Train/Validation/Test Split
def train_val_test_split(X, y, train_ratio=0.7, val_ratio=0.15):
"""Split data into train, validation, and test sets."""
n_samples = len(X)
# Calculate split indices
train_end = int(n_samples * train_ratio)
val_end = int(n_samples * (train_ratio + val_ratio))
# Shuffle indices
indices = np.random.permutation(n_samples)
# Split indices
train_idx, val_idx, test_idx = np.split(indices, [train_end, val_end])
return (X[train_idx], y[train_idx],
X[val_idx], y[val_idx],
X[test_idx], y[test_idx])
# Example usage
X = np.random.randn(1000, 10)
y = np.random.randint(0, 2, 1000)
X_train, y_train, X_val, y_val, X_test, y_test = train_val_test_split(X, y)
print(f"Train: {len(X_train)}, Val: {len(X_val)}, Test: {len(X_test)}")
Chunked File Processing
def process_large_array(filepath, chunk_size=10000):
"""Process a large array in memory-efficient chunks."""
data = np.load(filepath)
n_chunks = int(np.ceil(len(data) / chunk_size))
chunks = np.array_split(data, n_chunks)
results = []
for i, chunk in enumerate(chunks):
# Process each chunk
result = expensive_computation(chunk)
results.append(result)
print(f"Processed chunk {i+1}/{n_chunks}")
return np.concatenate(results)
K-Fold Cross Validation Indices
def k_fold_indices(n_samples, k=5):
"""Generate train/test indices for k-fold cross validation."""
indices = np.arange(n_samples)
np.random.shuffle(indices)
folds = np.array_split(indices, k)
for i in range(k):
test_idx = folds[i]
train_idx = np.concatenate([folds[j] for j in range(k) if j != i])
yield train_idx, test_idx
# Example usage
for fold, (train_idx, test_idx) in enumerate(k_fold_indices(100, k=5)):
print(f"Fold {fold}: {len(train_idx)} train, {len(test_idx)} test")

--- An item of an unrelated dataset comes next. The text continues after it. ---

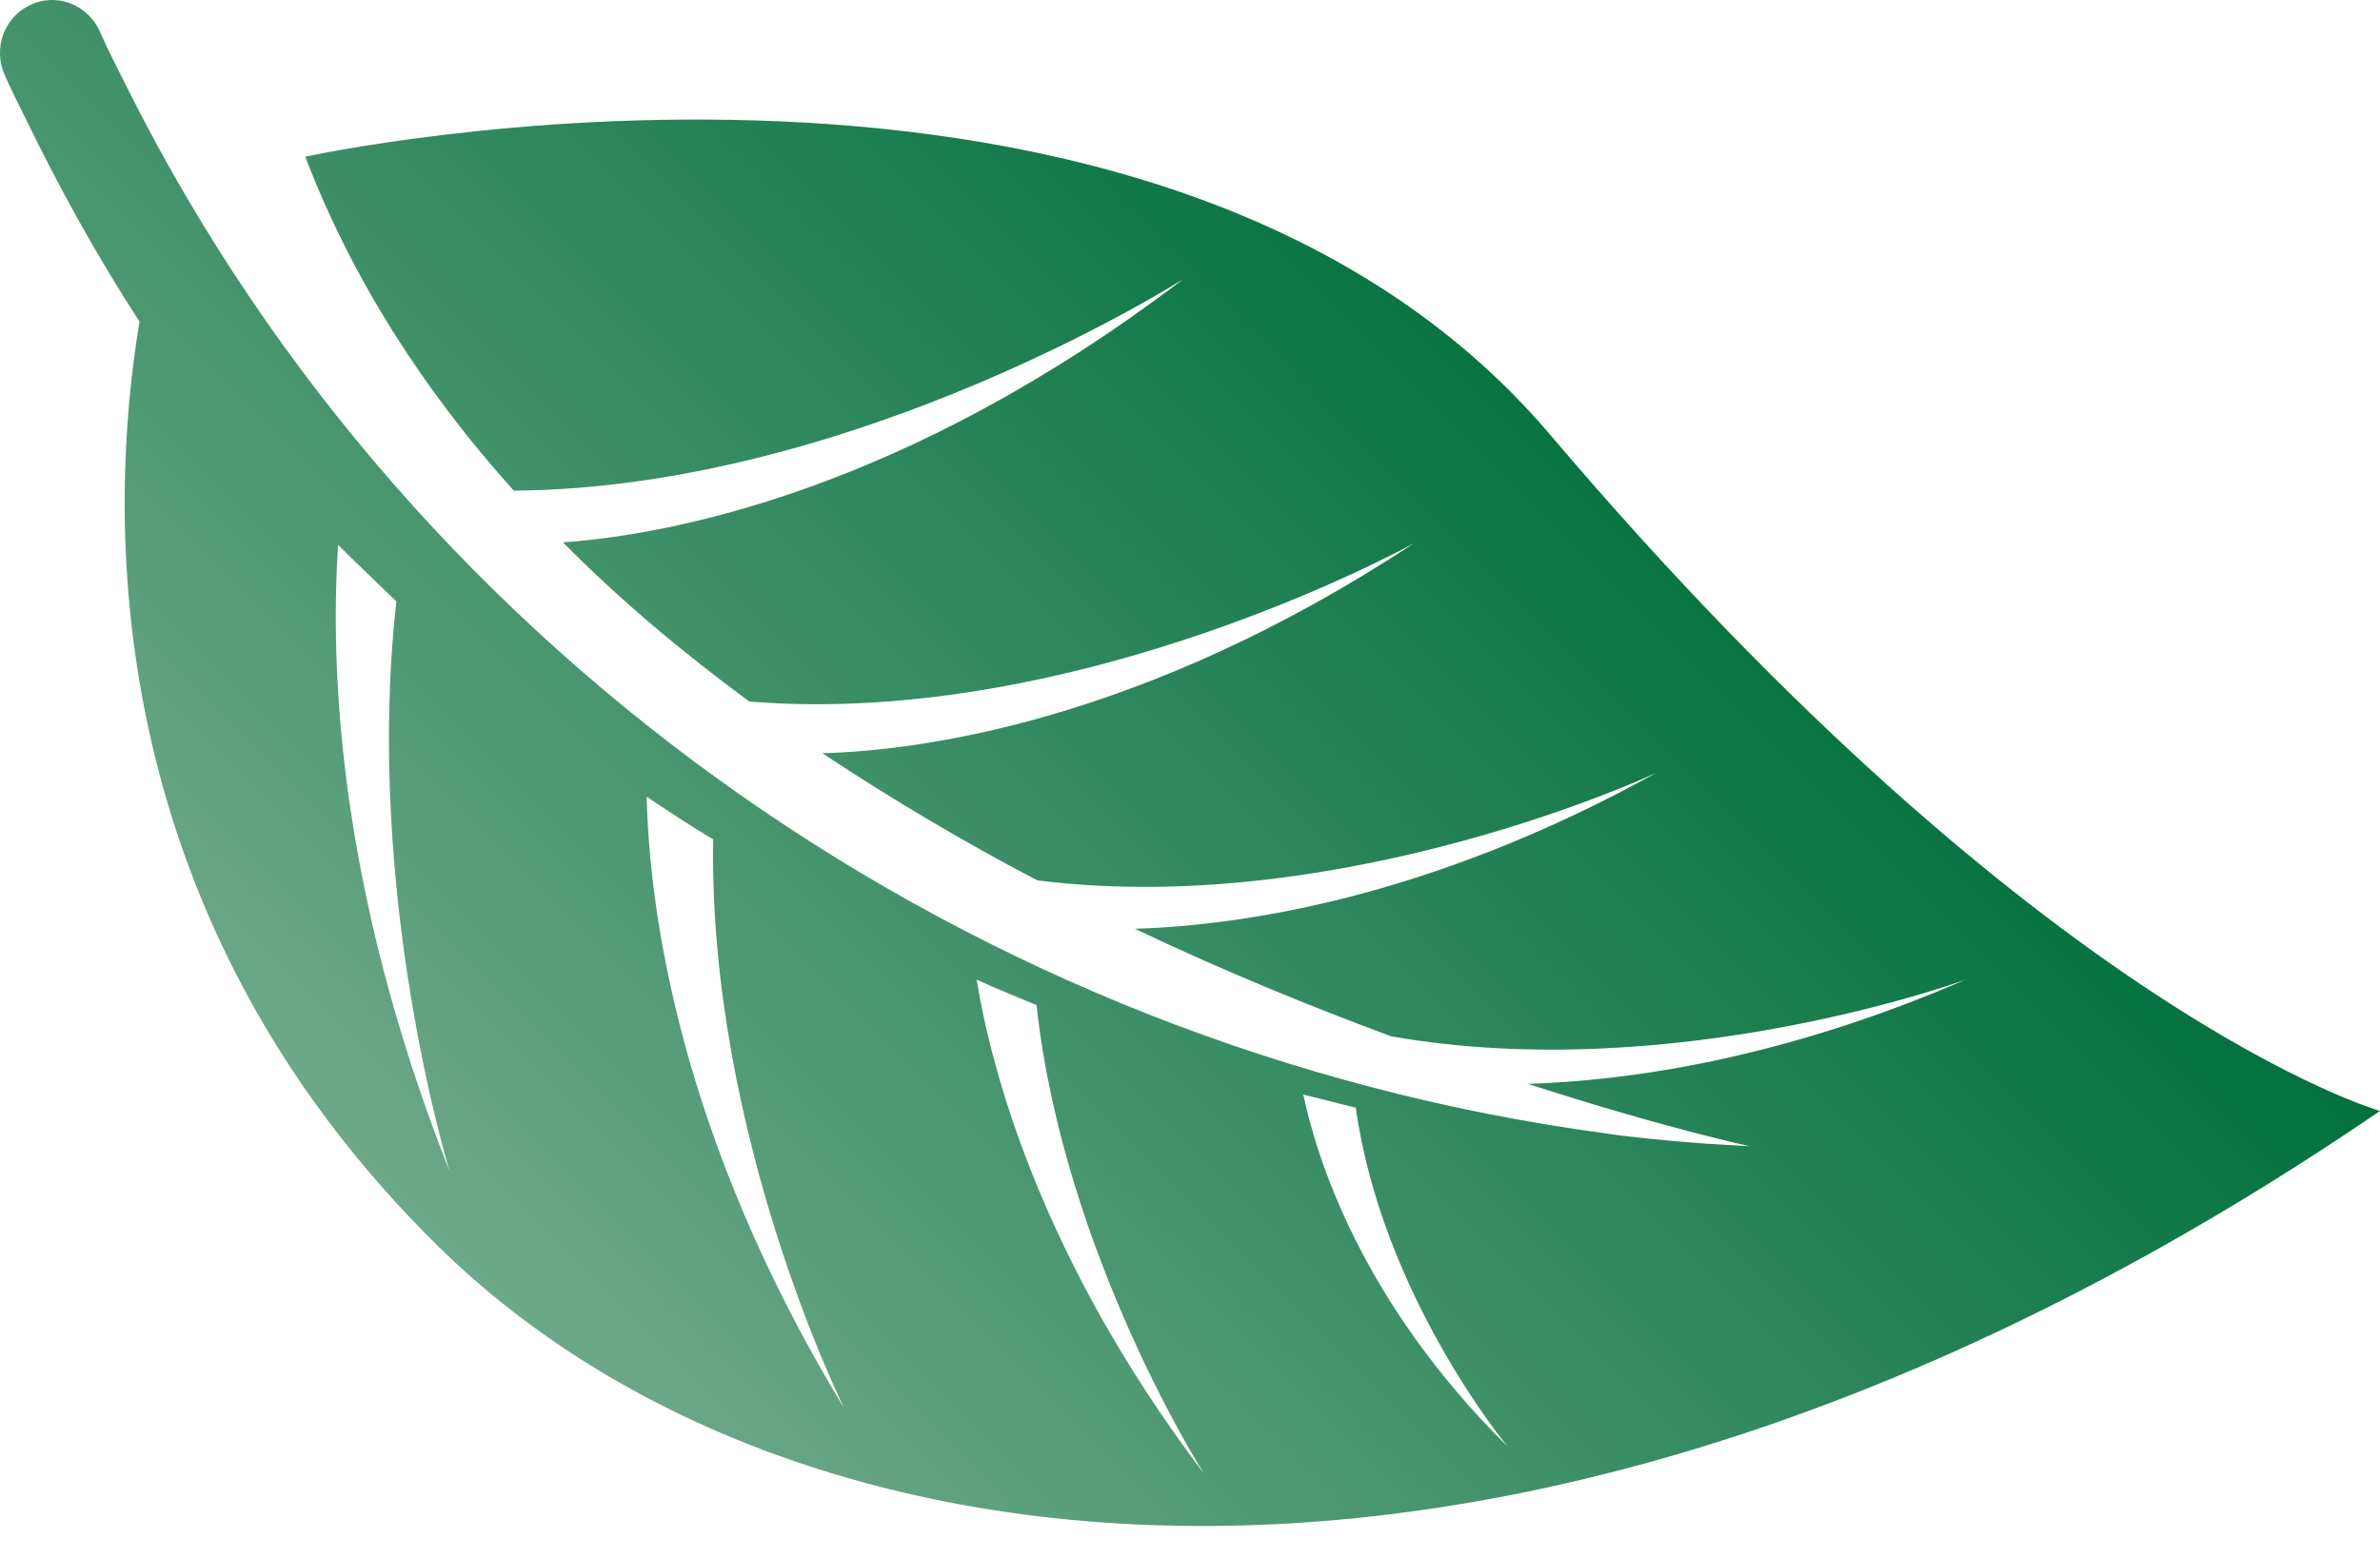 <svg class="leaf" xmlns="http://www.w3.org/2000/svg" xmlns:xlink="http://www.w3.org/1999/xlink" width="29" height="19" viewBox="0 0 29 19"><linearGradient id="LEAFID_1_" gradientUnits="userSpaceOnUse" x1="5.8" y1="15.65" x2="18.46" y2="3"><stop offset="4.618200e-04" stop-color="#6DA88A"/><stop offset="1" stop-color="#01703C"/></linearGradient><path d="M5.35 15.2C9.66 19.43 18.7 20.58 29 13.54c0 0-4.11-1.17-10.11-8.24C14.08-0.37 3.72 1.91 3.72 1.91 4.3 3.43 5.19 4.79 6.26 5.98c4.17-0.03 8.16-2.58 8.16-2.58C11.01 6 8.13 6.52 6.86 6.61 7.56 7.32 8.33 7.96 9.13 8.55c4.04 0.33 8.1-1.93 8.1-1.93 -3.32 2.19-6.05 2.53-7.21 2.56 0.86 0.57 1.74 1.09 2.62 1.55 3.75 0.47 7.54-1.31 7.54-1.31 -2.8 1.55-5.1 1.86-6.35 1.9 1.09 0.52 2.15 0.95 3.12 1.31 3.46 0.61 7-0.69 7-0.69 -2.24 0.97-4.1 1.23-5.33 1.27 1.63 0.53 2.7 0.76 2.7 0.76 -0.17-0.01-0.35-0.02-0.52-0.03 -0.12-0.01-0.25-0.02-0.37-0.03l-0.32-0.03c-0.19-0.02-0.38-0.04-0.57-0.07C11.92 12.78 5.08 8.06 1.59 1.15L1.56 1.09C1.44 0.85 1.32 0.62 1.21 0.37 1.06 0.05 0.68-0.09 0.37 0.06 0.05 0.21-0.09 0.59 0.06 0.92c0.07 0.16 0.15 0.32 0.23 0.48 0.42 0.87 0.89 1.72 1.41 2.52C1.32 6.2 1.15 11.08 5.35 15.2M5.48 14.28c-1.36-3.44-1.46-6.13-1.36-7.64 0.23 0.23 0.47 0.46 0.71 0.69C4.43 10.88 5.48 14.28 5.48 14.28zM18.37 17.63c-1.8-1.78-2.33-3.54-2.49-4.29 0.21 0.05 0.43 0.11 0.64 0.16C16.84 15.79 18.37 17.63 18.37 17.63zM14.67 17.96c-2-2.64-2.59-4.93-2.77-6.02 0.24 0.11 0.49 0.21 0.73 0.31C12.96 15.28 14.67 17.96 14.67 17.96zM10.29 17.17c-2.05-3.37-2.38-6.16-2.41-7.46 0.27 0.18 0.54 0.36 0.81 0.52C8.63 13.85 10.29 17.17 10.29 17.17z" fill="url(#LEAFID_1_)"/></svg>
 

The key to using NumPy’s splitting functions effectively is matching the function to your requirements: use split() when equal divisions are mandatory, array_split() when you need flexibility, and the axis-specific variants when working with multi-dimensional data. Index-based splitting handles everything else.